= TIGRFAMs =

TIGRFAMs is a database of protein families designed to support manual and automated genome annotation. Each entry includes a multiple sequence alignment and hidden Markov model (HMM) built from the alignment. Sequences that score above the defined cutoffs of a given TIGRFAMs HMM are assigned to that protein family and may be assigned the corresponding annotations. Most models describe protein families found in Bacteria and Archaea.
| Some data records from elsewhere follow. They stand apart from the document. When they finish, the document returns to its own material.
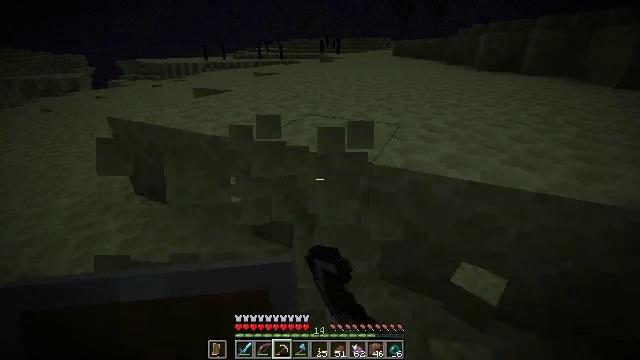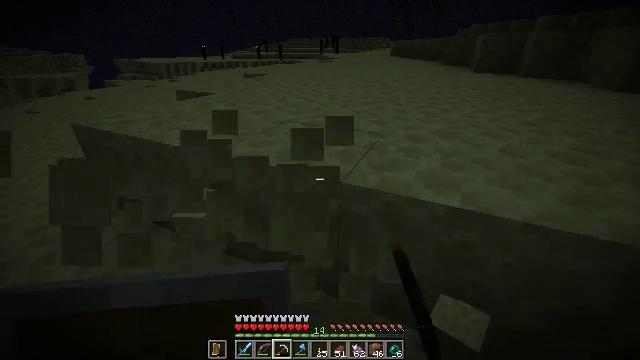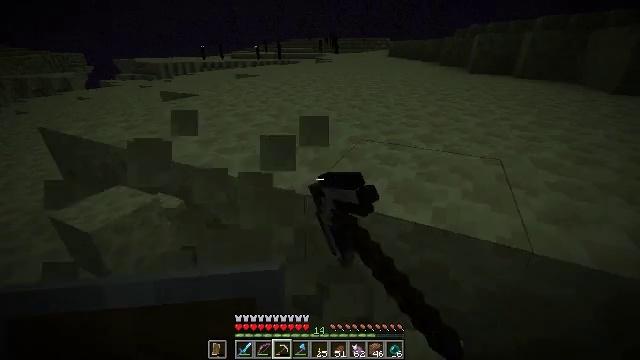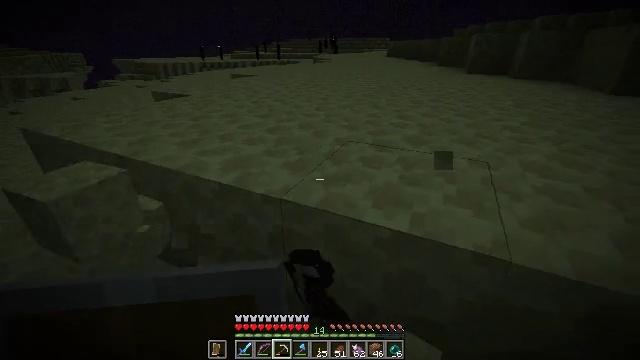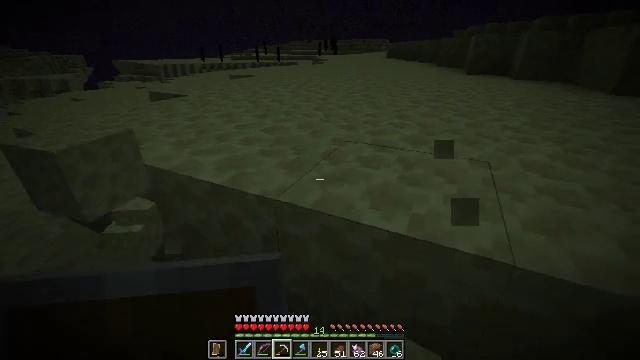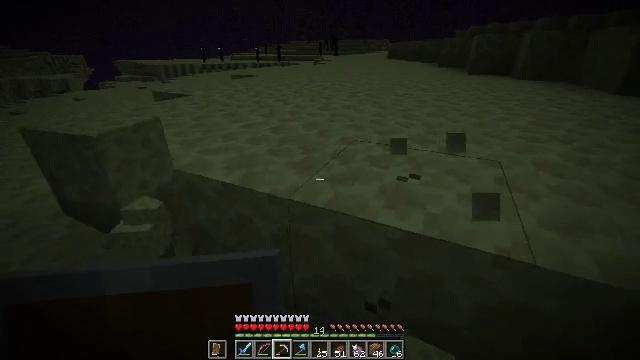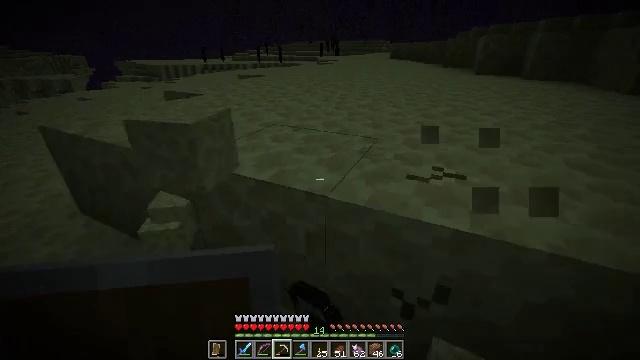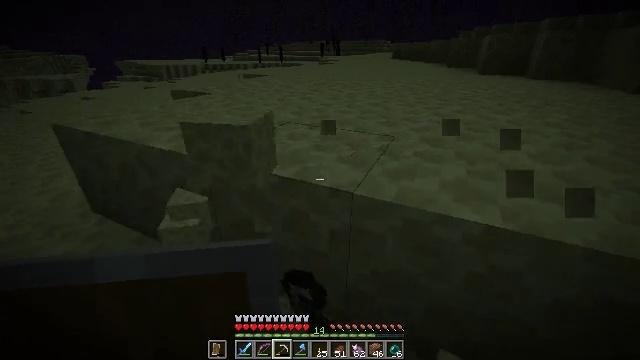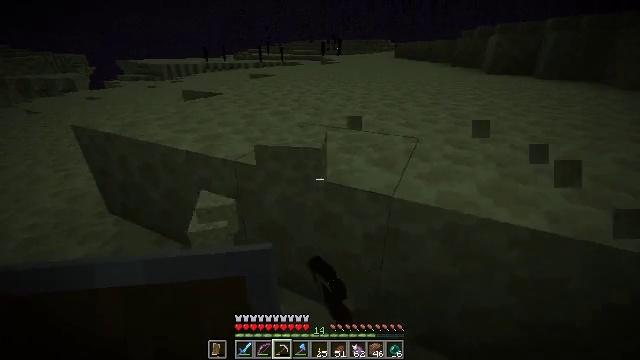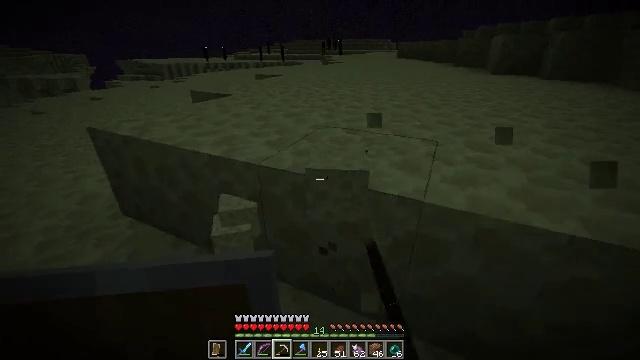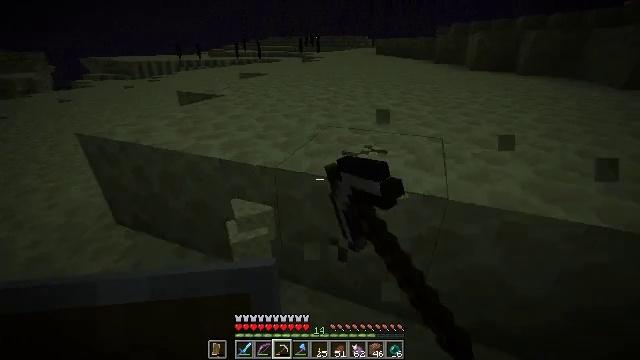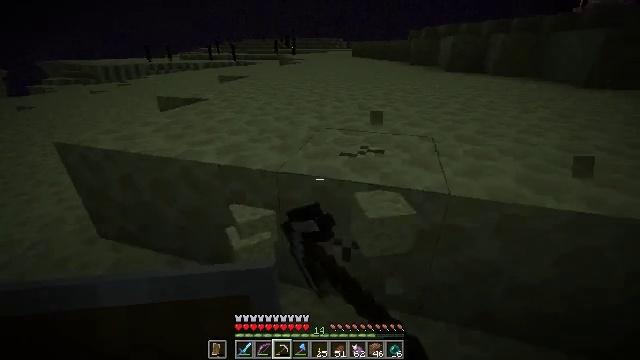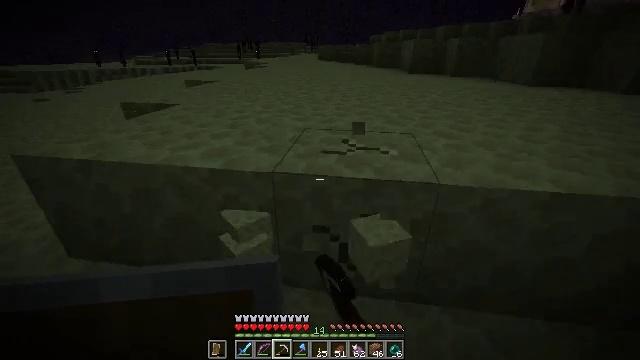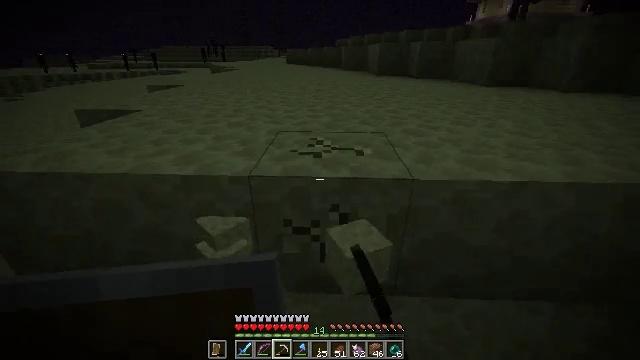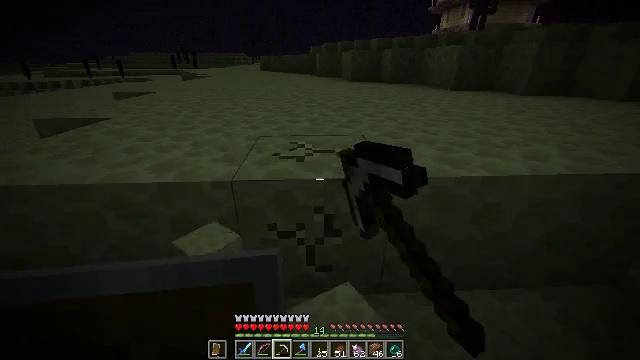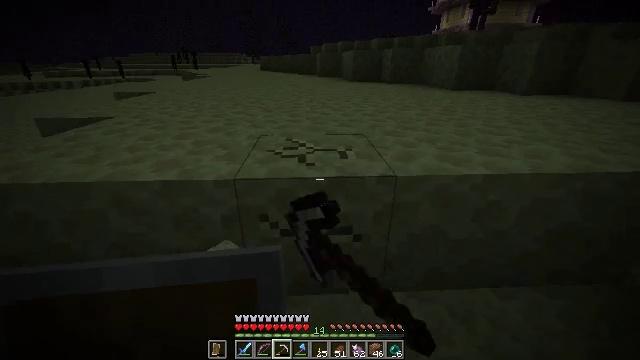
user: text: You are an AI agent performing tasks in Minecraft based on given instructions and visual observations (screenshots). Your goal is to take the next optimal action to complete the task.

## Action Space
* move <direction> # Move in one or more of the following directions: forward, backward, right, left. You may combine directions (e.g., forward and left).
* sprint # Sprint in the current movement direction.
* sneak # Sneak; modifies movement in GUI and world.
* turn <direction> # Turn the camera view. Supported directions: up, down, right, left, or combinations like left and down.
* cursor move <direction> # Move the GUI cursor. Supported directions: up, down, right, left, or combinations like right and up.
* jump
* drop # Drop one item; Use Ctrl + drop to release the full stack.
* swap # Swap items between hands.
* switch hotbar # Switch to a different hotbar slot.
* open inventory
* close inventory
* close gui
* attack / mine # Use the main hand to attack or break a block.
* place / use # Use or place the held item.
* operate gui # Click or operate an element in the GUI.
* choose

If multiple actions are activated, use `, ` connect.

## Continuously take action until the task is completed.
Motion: motion action
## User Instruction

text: Gather end stone from the End.
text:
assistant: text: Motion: move forward and move right, attack / mine
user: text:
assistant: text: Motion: move right, attack / mine
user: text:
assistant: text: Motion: attack / mine
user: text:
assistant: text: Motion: move left, attack / mine
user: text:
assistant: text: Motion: move left, attack / mine
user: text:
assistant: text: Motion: move left, attack / mine
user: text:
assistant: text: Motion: move left, attack / mine
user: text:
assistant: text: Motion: move left, attack / mine
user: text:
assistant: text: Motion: move left, attack / mine
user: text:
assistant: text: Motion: move left, turn right, attack / mine
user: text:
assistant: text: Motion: turn right, attack / mine
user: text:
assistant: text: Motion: turn right, attack / mine
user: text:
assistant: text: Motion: turn right, attack / mine
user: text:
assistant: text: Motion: turn right and up, attack / mine
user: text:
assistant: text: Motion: attack / mine
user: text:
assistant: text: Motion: attack / mine
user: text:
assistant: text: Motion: attack / mine
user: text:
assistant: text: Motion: attack / mine
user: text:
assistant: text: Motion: attack / mine
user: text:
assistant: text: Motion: attack / mine
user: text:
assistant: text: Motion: attack / mine
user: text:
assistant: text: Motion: attack / mine
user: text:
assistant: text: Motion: attack / mine
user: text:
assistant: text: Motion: attack / mine
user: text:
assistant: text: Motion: attack / mine
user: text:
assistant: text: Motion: move forward and move left, attack / mine
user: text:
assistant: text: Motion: move forward and move left, attack / mine
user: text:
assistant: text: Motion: move forward and move left, attack / mine
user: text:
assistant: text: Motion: move forward, turn right, attack / mine
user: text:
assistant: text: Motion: turn right, attack / mine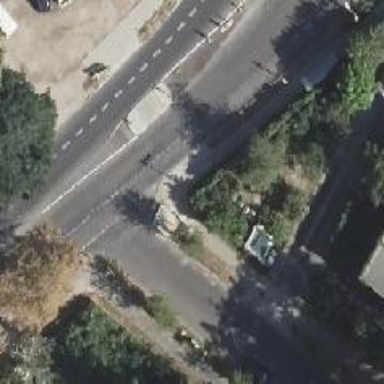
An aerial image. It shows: Unmarked crossing on the road.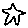
Label: star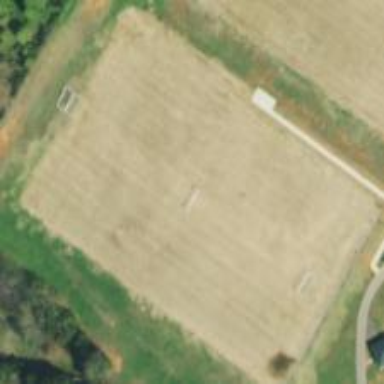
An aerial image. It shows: Soccer pitch for leisure land activities.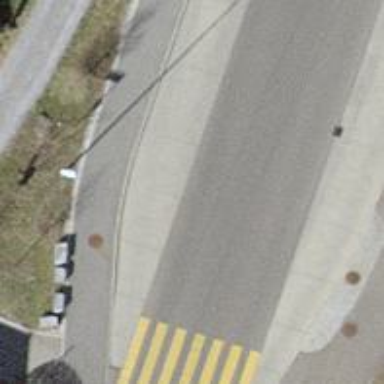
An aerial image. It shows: Platform for public transport. The platform is located by the road.
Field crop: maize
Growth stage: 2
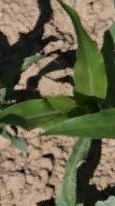
Species: maize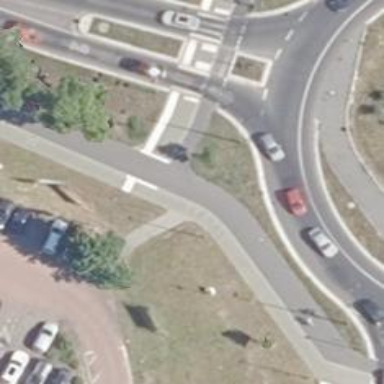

Like Pfam, TIGRFAMs uses the HMMER package written by Sean Eddy.

==History==

TIGRFAMs was produced originally at The Institute for Genomic Research (TIGR) and its successor, J. Craig Venter Institute (JCVI), but it moved in April 2018 to the National Center for Biotechnology Information (NCBI). TIGRFAMs remains a member database in InterPro. The last version from JCVI, release 15.0, contained 4488 models. TIGRFAMs now continues at NCBI as part of a larger collection of HMMs, called NCBIFAMs, used in its RefSeq and PGAP genome annotation pipelines. Active curation and revision of TIGRFAMs models continues at NCBI, but the creation of TIGRFAMs models per se has ended, as newly constructed HMMs from the RefSeq group receive different designations when added to NCBIFAMs.